Skip the images. Copy the records exactly as written.
Material supplied section start
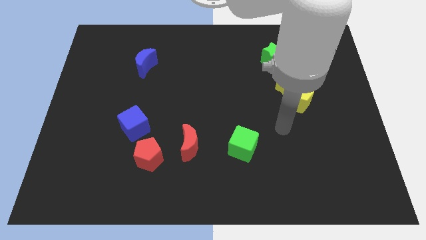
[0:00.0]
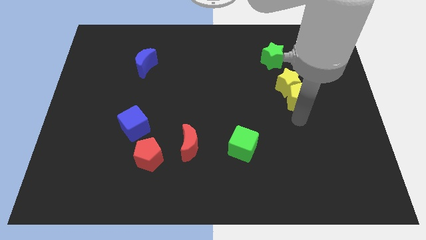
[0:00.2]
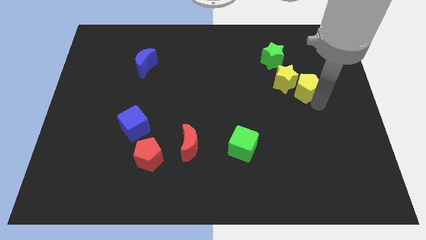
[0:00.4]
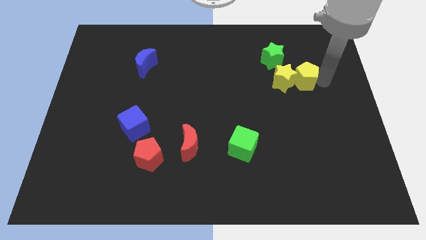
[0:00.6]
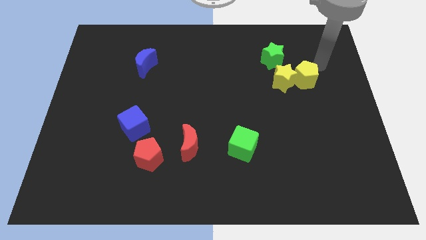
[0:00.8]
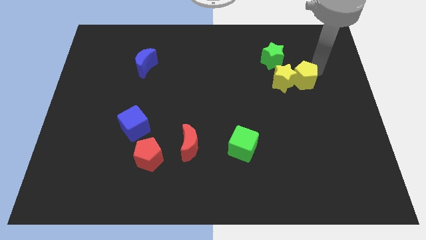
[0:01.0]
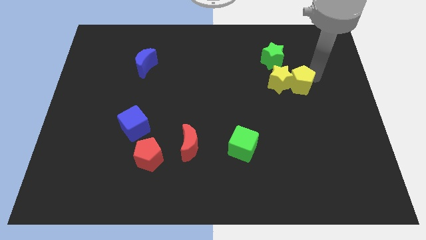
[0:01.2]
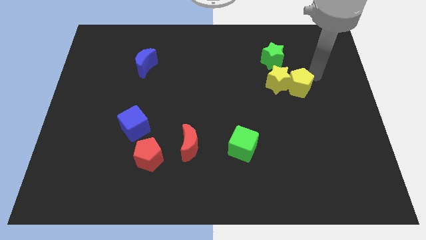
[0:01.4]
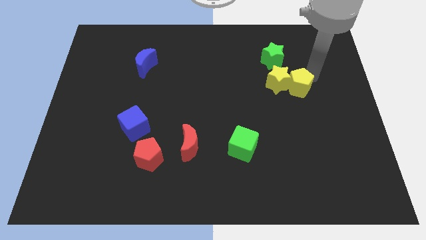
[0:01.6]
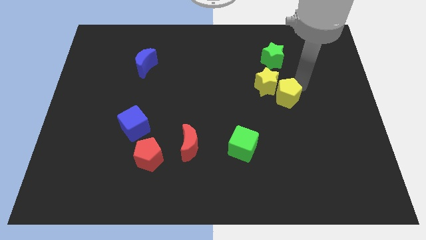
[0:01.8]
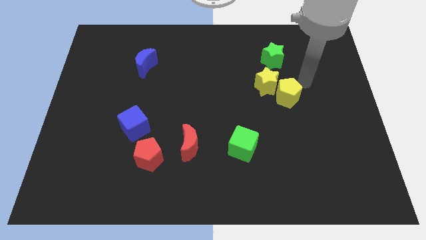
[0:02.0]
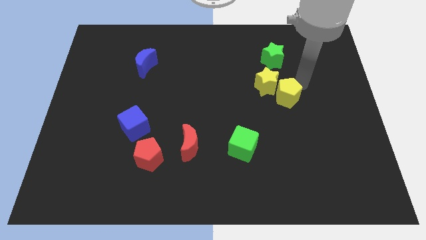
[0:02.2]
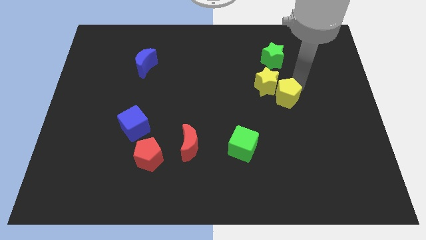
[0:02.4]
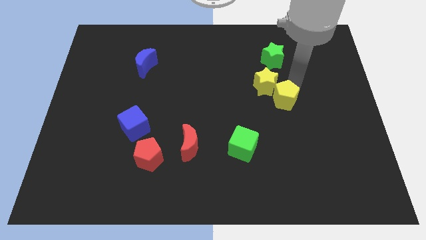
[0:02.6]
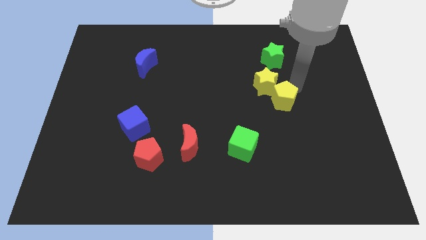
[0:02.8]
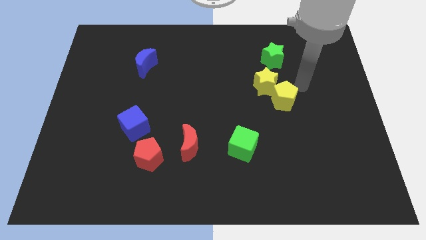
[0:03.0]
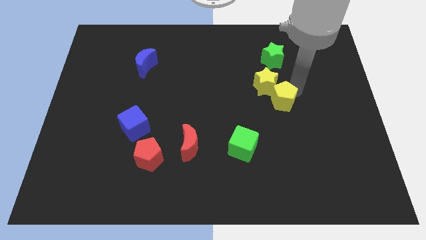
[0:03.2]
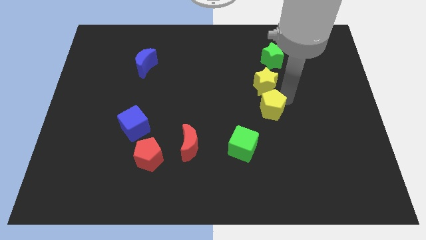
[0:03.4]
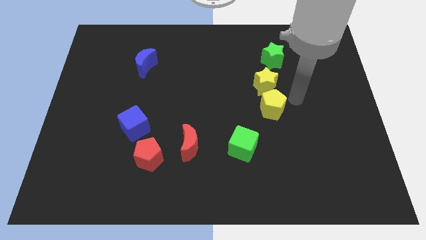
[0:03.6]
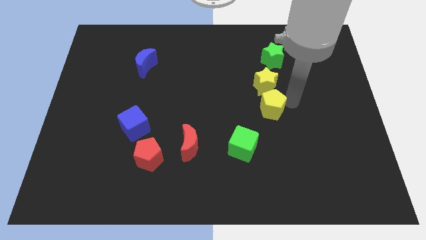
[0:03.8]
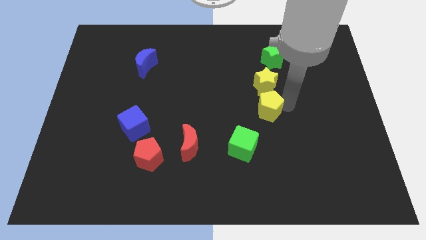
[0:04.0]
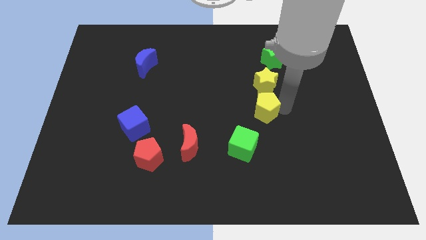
Material supplied section end
__Exercise result__
[0:00.0]
[0:00.2]
[0:00.4]
[0:00.6]
[0:00.8]
[0:01.0]
[0:01.2]
[0:01.4]
[0:01.6]
[0:01.8]
[0:02.0]
[0:02.2]
[0:02.4]
[0:02.6]
[0:02.8]
[0:03.0]
[0:03.2]
[0:03.4]
[0:03.6]
[0:03.8]
[0:04.0]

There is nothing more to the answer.